■ Exercise aim:
The output consists only of the lines from the one with "Question: What Dhivehi" through the end of the records, each printed exactly, and contains no pictures.

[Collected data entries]
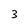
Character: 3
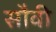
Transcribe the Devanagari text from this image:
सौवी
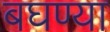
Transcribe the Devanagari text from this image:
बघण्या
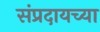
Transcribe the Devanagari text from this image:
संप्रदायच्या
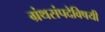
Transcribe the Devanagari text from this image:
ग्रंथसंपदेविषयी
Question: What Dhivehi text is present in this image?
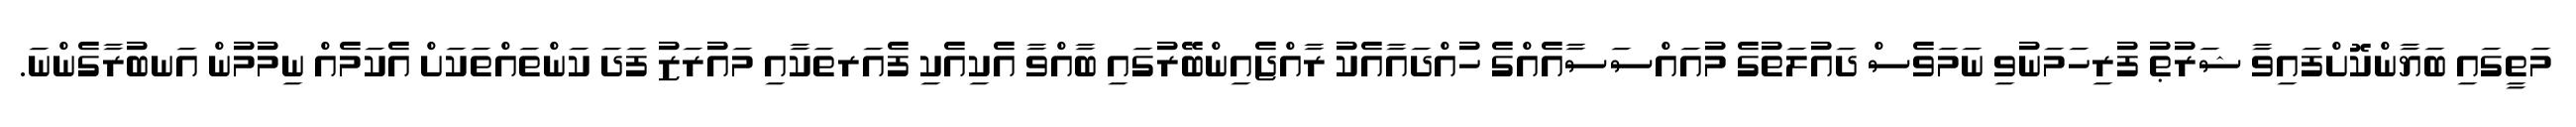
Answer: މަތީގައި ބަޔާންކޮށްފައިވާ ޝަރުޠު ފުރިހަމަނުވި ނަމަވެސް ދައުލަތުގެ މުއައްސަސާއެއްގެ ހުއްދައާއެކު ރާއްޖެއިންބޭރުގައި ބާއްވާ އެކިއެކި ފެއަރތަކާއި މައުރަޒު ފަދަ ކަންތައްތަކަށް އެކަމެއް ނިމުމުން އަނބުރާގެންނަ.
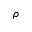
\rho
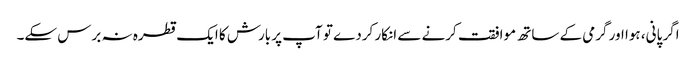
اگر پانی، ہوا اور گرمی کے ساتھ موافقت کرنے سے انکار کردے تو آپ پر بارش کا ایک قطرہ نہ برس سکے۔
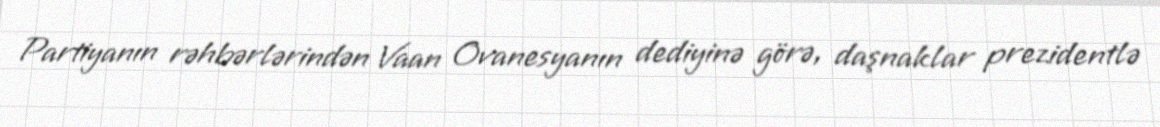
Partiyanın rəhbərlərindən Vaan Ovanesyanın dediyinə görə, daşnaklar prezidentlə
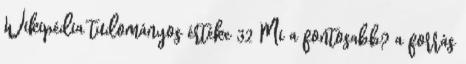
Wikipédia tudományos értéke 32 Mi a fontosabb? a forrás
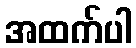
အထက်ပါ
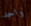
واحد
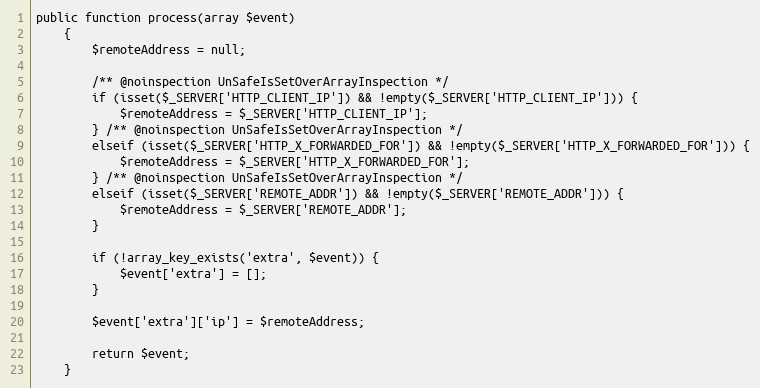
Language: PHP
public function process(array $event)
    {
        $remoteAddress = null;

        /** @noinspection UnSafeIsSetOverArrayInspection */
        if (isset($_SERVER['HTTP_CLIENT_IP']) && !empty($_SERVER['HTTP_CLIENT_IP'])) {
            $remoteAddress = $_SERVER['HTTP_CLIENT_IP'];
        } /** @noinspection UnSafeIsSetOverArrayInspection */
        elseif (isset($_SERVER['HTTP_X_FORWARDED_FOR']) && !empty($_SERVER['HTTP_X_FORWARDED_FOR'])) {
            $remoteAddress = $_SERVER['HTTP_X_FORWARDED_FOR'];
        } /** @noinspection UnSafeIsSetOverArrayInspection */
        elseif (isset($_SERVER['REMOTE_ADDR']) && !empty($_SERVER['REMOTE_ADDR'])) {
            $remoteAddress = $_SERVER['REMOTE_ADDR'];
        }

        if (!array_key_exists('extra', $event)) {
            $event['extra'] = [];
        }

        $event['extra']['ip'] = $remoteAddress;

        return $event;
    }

■ Response for this exercise:
Question: What Dhivehi text is present in this image?
Answer: މަތީގައި ބަޔާންކޮށްފައިވާ ޝަރުޠު ފުރިހަމަނުވި ނަމަވެސް ދައުލަތުގެ މުއައްސަސާއެއްގެ ހުއްދައާއެކު ރާއްޖެއިންބޭރުގައި ބާއްވާ އެކިއެކި ފެއަރތަކާއި މައުރަޒު ފަދަ ކަންތައްތަކަށް އެކަމެއް ނިމުމުން އަނބުރާގެންނަ.
\rho
اگر پانی، ہوا اور گرمی کے ساتھ موافقت کرنے سے انکار کردے تو آپ پر بارش کا ایک قطرہ نہ برس سکے۔
Partiyanın rəhbərlərindən Vaan Ovanesyanın dediyinə görə, daşnaklar prezidentlə
Wikipédia tudományos értéke 32 Mi a fontosabb? a forrás
အထက်ပါ
واحد
Language: PHP
public function process(array $event)
    {
        $remoteAddress = null;

        /** @noinspection UnSafeIsSetOverArrayInspection */
        if (isset($_SERVER['HTTP_CLIENT_IP']) && !empty($_SERVER['HTTP_CLIENT_IP'])) {
            $remoteAddress = $_SERVER['HTTP_CLIENT_IP'];
        } /** @noinspection UnSafeIsSetOverArrayInspection */
        elseif (isset($_SERVER['HTTP_X_FORWARDED_FOR']) && !empty($_SERVER['HTTP_X_FORWARDED_FOR'])) {
            $remoteAddress = $_SERVER['HTTP_X_FORWARDED_FOR'];
        } /** @noinspection UnSafeIsSetOverArrayInspection */
        elseif (isset($_SERVER['REMOTE_ADDR']) && !empty($_SERVER['REMOTE_ADDR'])) {
            $remoteAddress = $_SERVER['REMOTE_ADDR'];
        }

        if (!array_key_exists('extra', $event)) {
            $event['extra'] = [];
        }

        $event['extra']['ip'] = $remoteAddress;

        return $event;
    }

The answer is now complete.